**WORK INSTRUCTIONS:** Please quote exactly the lines below from the line containing "417.78-196.77 196.77c-11.516 11.586-27.566" to the line containing "0.008c-3.957 0-7.199 3.238-7.199", both lines included, and nothing else.
»»
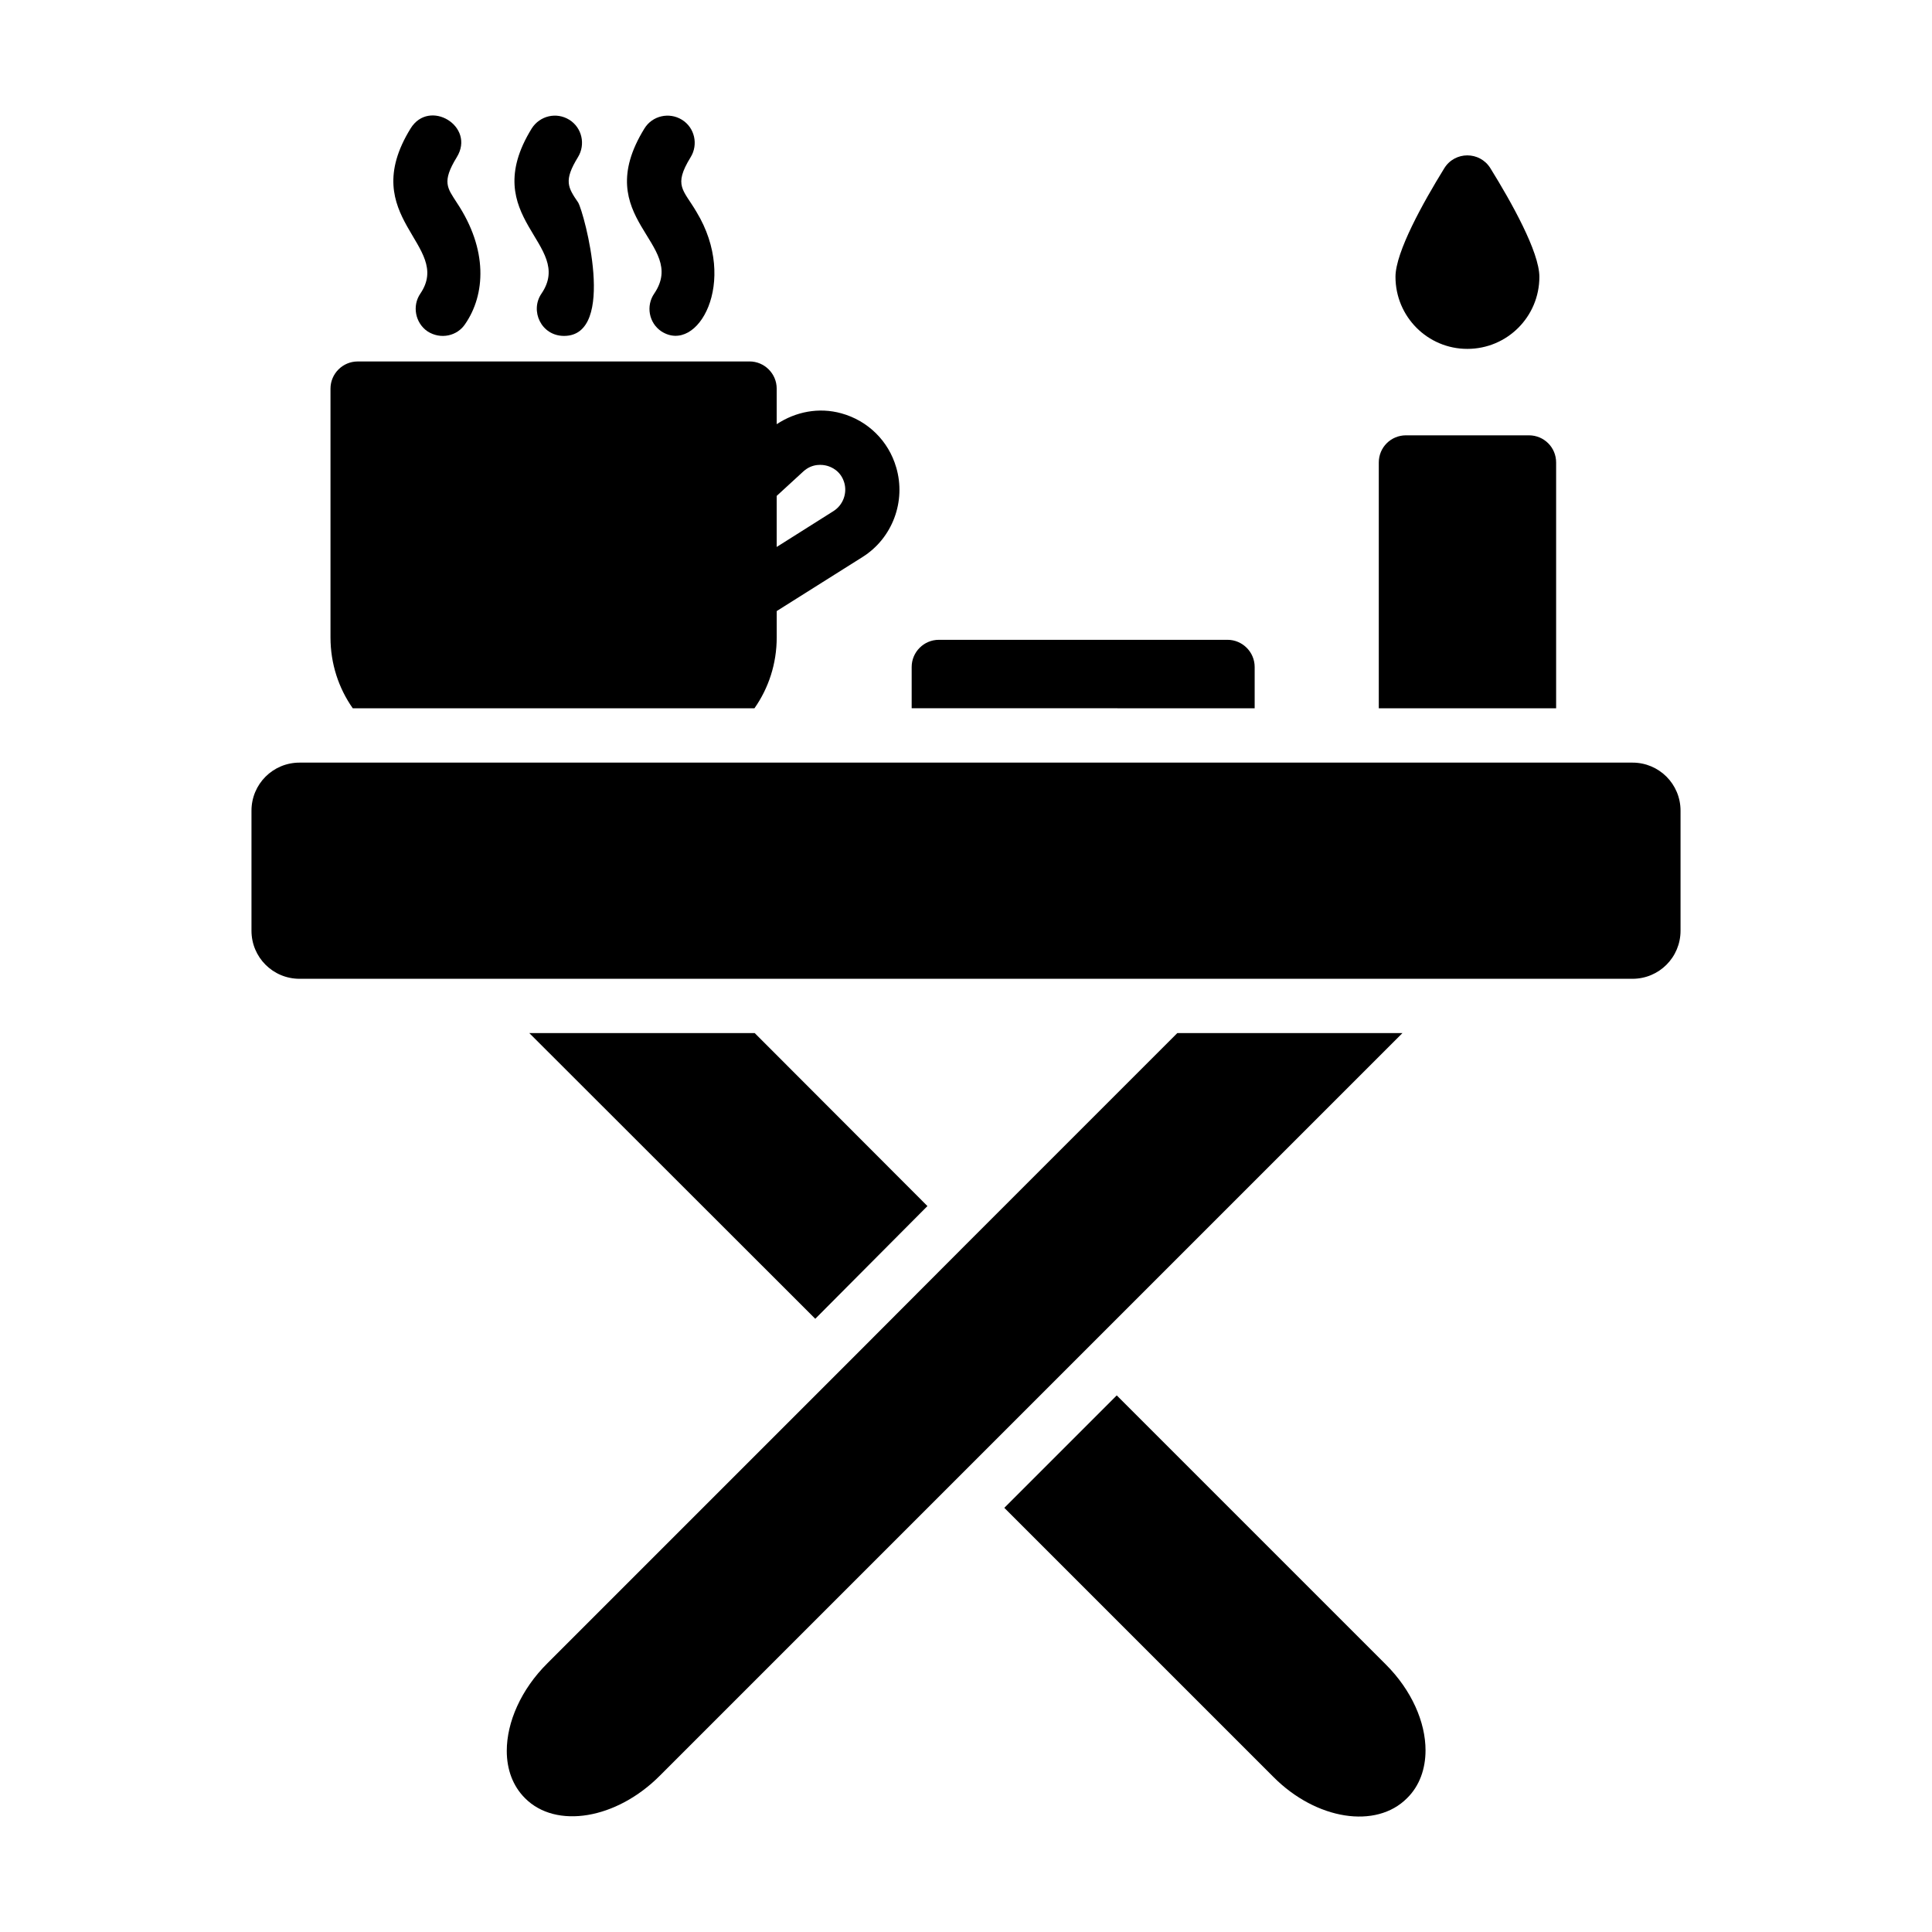 <?xml version="1.0" encoding="UTF-8"?>
<!-- Uploaded to: SVG Repo, www.svgrepo.com, Generator: SVG Repo Mixer Tools -->
<svg fill="#000000" width="800px" height="800px" version="1.1" viewBox="144 144 512 512" xmlns="http://www.w3.org/2000/svg">
 <g>
  <path d="m515.66 417.78-196.77 196.77c-11.516 11.586-27.566 14.25-35.77 5.973-3.238-3.238-4.82-7.629-4.82-12.523 0-7.559 3.742-16.266 10.797-23.246l81.113-81.113 29.797-29.867 55.996-55.996z"/>
  <path d="m389.78 463.62-29.723 29.871-75.789-75.715h59.738z"/>
  <path d="m521.78 607.86c0 4.894-1.582 9.43-4.894 12.668-8.203 8.277-24.109 5.758-35.41-5.613l-71.324-71.324 29.797-29.797 71.324 71.324c6.836 6.836 10.508 15.258 10.508 22.742z"/>
  <path d="m589.36 358.84v31.812c0 7.055-5.688 12.738-12.738 12.738h-353.24c-7.055 0-12.738-5.688-12.738-12.738v-31.812c0-7.055 5.688-12.738 12.738-12.738h353.24c7.051-0.004 12.738 5.684 12.738 12.738z"/>
  <path d="m381.5 267.86c-2.016-6.981-7.484-12.379-14.539-14.324-5.973-1.656-12.094-0.434-17.129 2.879v-9.43c0-3.957-3.238-7.199-7.199-7.199l-103.85 0.008c-3.957 0-7.199 3.238-7.199 7.199v65.926c0 6.981 2.16 13.457 5.902 18.785h106.45c3.742-5.324 5.902-11.805 5.902-18.785v-6.981l22.742-14.324c7.914-4.969 11.586-14.758 8.922-23.754zm-16.625 11.59-15.043 9.5v-13.531l7.055-6.477c2.445-2.231 5.184-1.801 6.262-1.512 1.078 0.289 3.672 1.297 4.606 4.535 0.793 2.805-0.359 5.898-2.879 7.484z"/>
  <path d="m267.28 229.86c-2.074 3.168-6.488 4.219-10.004 1.941-3.238-2.231-4.102-6.766-1.871-10.004 8.715-12.844-17.227-20.039-2.59-43.758 4.957-8.031 17.293-0.57 12.234 7.629-4.059 6.613-2.445 8.18 0 12.02 8.352 12.527 7.57 24.438 2.231 32.172z"/>
  <path d="m319.25 231.8c-3.312-2.231-4.102-6.766-1.871-10.004 9.105-13.418-17.484-19.625-2.59-43.758 2.086-3.383 6.551-4.391 9.93-2.305 3.383 2.086 4.391 6.551 2.305 9.934-4.68 7.625-1.906 8.559 1.582 14.539 11.164 18.43 0.285 37.836-9.355 31.594z"/>
  <path d="m293.48 233.02c-6.078 0-9.098-6.695-5.973-11.227 8.918-13.145-17.305-19.914-2.59-43.758 2.16-3.383 6.551-4.391 9.934-2.305 3.383 2.086 4.391 6.551 2.305 9.934-3.824 6.231-2.668 8 0.07 12.02 1.598 2.75 10.371 35.336-3.746 35.336z"/>
  <path d="m476.5 320.76v10.941l-90.898-0.004v-10.941c0-3.957 3.238-7.199 7.199-7.199h76.508c3.953 0.004 7.191 3.242 7.191 7.203z"/>
  <path d="m556.39 266.57v65.137l-46.996-0.004v-65.137c0-4.031 3.238-7.199 7.199-7.199h32.605c3.953 0.004 7.191 3.172 7.191 7.203z"/>
  <path d="m551.95 217.36c0 10.566-8.531 19.098-19.098 19.098-10.504 0-19.035-8.531-19.035-19.098 0-6.574 7.363-19.746 12.93-28.766 2.809-4.551 9.406-4.555 12.223-0.008 5.586 9.02 12.98 22.199 12.98 28.773z"/>
 </g>
</svg>
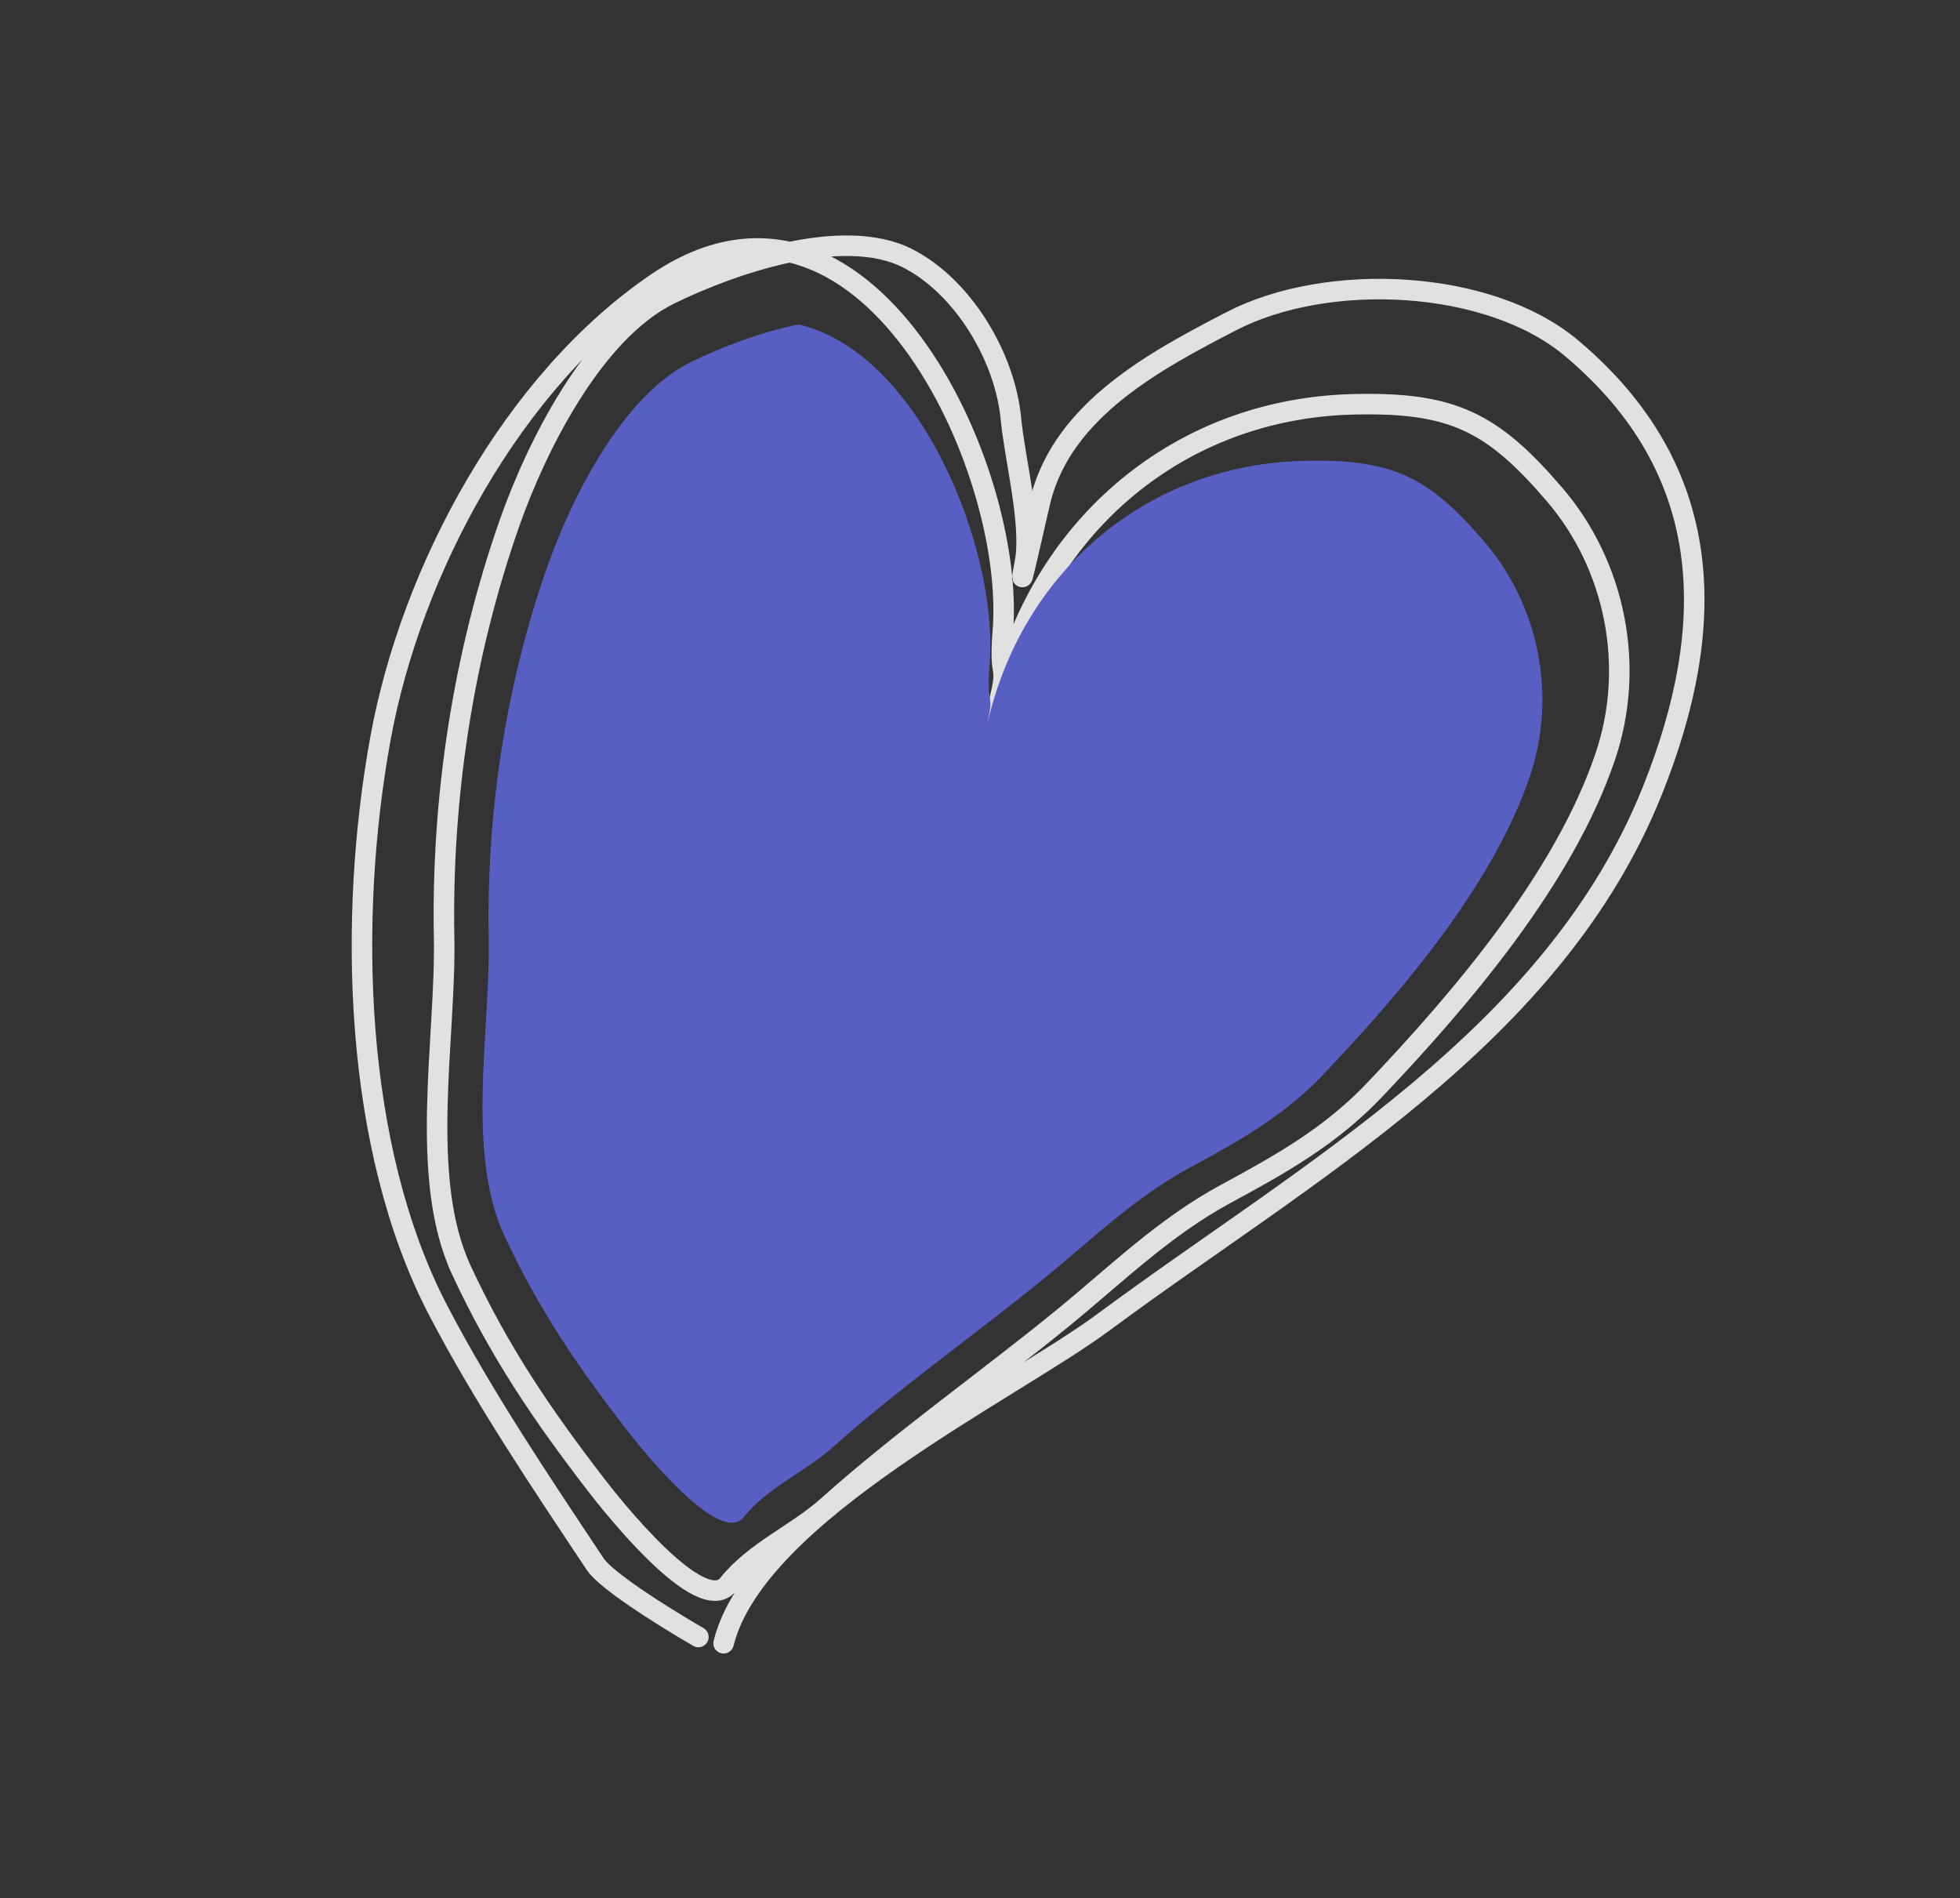 <?xml version="1.0" encoding="UTF-8"?> <svg xmlns="http://www.w3.org/2000/svg" width="191" height="185" viewBox="0 0 191 185" fill="none"><rect x="0" y="0" width="191" height="185" fill="#333333" stroke="none"/><g clip-path="url(#clip0_74_6380)"><path d="M68.054 159.528C64.061 157.211 59.02 153.956 58.012 152.442C52.784 144.588 47.112 136.152 42.718 127.733C34.397 111.789 33.912 89.369 37.069 71.996C40.056 55.559 49.956 37.142 63.973 27.587C84.09 13.873 99.036 45.333 97.725 61.544C97.287 66.954 98.485 63.936 97.173 69.217C96.904 70.297 97.124 69.414 97.657 67.27C101.658 51.168 114.948 39.818 131.869 39.401C141.494 39.165 145.4 41.078 151.502 48.206C157.408 55.106 159.411 64.938 156.433 73.727C152.414 85.591 142.468 97.246 133.941 106.226C129.655 110.738 124.802 113.448 119.423 116.361C113.412 119.618 108.797 124.178 103.546 128.466C96.035 134.599 87.873 140.321 80.659 146.78C77.648 149.475 73.516 151.188 70.979 154.388C68.314 157.747 59.47 146.492 58.095 144.708C52.825 137.864 48.664 131.742 44.96 123.774C40.768 114.758 43.465 101.227 43.278 91.404C43.018 77.793 45.11 63.928 49.635 51.019C52.254 43.548 57.828 32.338 65.247 28.689C71.149 25.785 82.128 21.933 88.471 25.183C93.877 27.952 97.956 34.812 98.517 40.832C98.879 44.716 100.588 51.155 99.869 54.862C98.895 59.879 101.171 49.575 101.431 48.575C103.694 39.883 112.577 35.139 119.997 31.298C129.32 26.472 145.085 27.144 153.159 33.942C167.175 45.745 167.518 60.822 161.032 77.029C151.404 101.087 127.256 114.237 107.569 128.827C98.441 135.592 73.66 147.475 70.514 160.139" stroke="white" stroke-opacity="0.85" stroke-width="2" stroke-linecap="round"></path><path d="M96.438 64.722C97.337 53.563 89.617 34.333 77.805 31.613C73.89 32.422 70.004 33.968 67.304 35.294C60.652 38.559 55.658 48.593 53.313 55.281C49.26 66.837 47.389 79.249 47.627 91.436C47.798 100.23 45.385 112.343 49.147 120.418C52.471 127.552 56.205 133.035 60.933 139.164C62.166 140.763 70.101 150.842 72.489 147.835C74.763 144.972 78.468 143.44 81.166 141.028C87.633 135.248 94.949 130.128 101.682 124.64C106.389 120.803 110.525 116.721 115.915 113.808C120.736 111.202 125.087 108.777 128.928 104.739C136.572 96.702 145.486 86.271 149.086 75.651C151.753 67.783 149.953 58.979 144.654 52.8C139.18 46.415 135.677 44.701 127.046 44.91C111.874 45.276 99.961 55.433 96.379 69.848L95.946 71.591C97.121 66.863 96.047 69.565 96.438 64.722Z" fill="#585FC3"></path></g><defs><clipPath id="clip0_74_6380"><rect width="158" height="151" fill="white" transform="translate(37.037 0.178) rotate(13.954)"></rect></clipPath></defs></svg>
««
**YOUR RESPONSE:**
  <path d="m515.66 417.78-196.77 196.77c-11.516 11.586-27.566 14.25-35.77 5.973-3.238-3.238-4.82-7.629-4.82-12.523 0-7.559 3.742-16.266 10.797-23.246l81.113-81.113 29.797-29.867 55.996-55.996z"/>
  <path d="m389.78 463.62-29.723 29.871-75.789-75.715h59.738z"/>
  <path d="m521.78 607.86c0 4.894-1.582 9.43-4.894 12.668-8.203 8.277-24.109 5.758-35.41-5.613l-71.324-71.324 29.797-29.797 71.324 71.324c6.836 6.836 10.508 15.258 10.508 22.742z"/>
  <path d="m589.36 358.84v31.812c0 7.055-5.688 12.738-12.738 12.738h-353.24c-7.055 0-12.738-5.688-12.738-12.738v-31.812c0-7.055 5.688-12.738 12.738-12.738h353.24c7.051-0.004 12.738 5.684 12.738 12.738z"/>
  <path d="m381.5 267.86c-2.016-6.981-7.484-12.379-14.539-14.324-5.973-1.656-12.094-0.434-17.129 2.879v-9.43c0-3.957-3.238-7.199-7.199-7.199l-103.85 0.008c-3.957 0-7.199 3.238-7.199 7.199v65.926c0 6.981 2.16 13.457 5.902 18.785h106.45c3.742-5.324 5.902-11.805 5.902-18.785v-6.981l22.742-14.324c7.914-4.969 11.586-14.758 8.922-23.754zm-16.625 11.59-15.043 9.5v-13.531l7.055-6.477c2.445-2.231 5.184-1.801 6.262-1.512 1.078 0.289 3.672 1.297 4.606 4.535 0.793 2.805-0.359 5.898-2.879 7.484z"/>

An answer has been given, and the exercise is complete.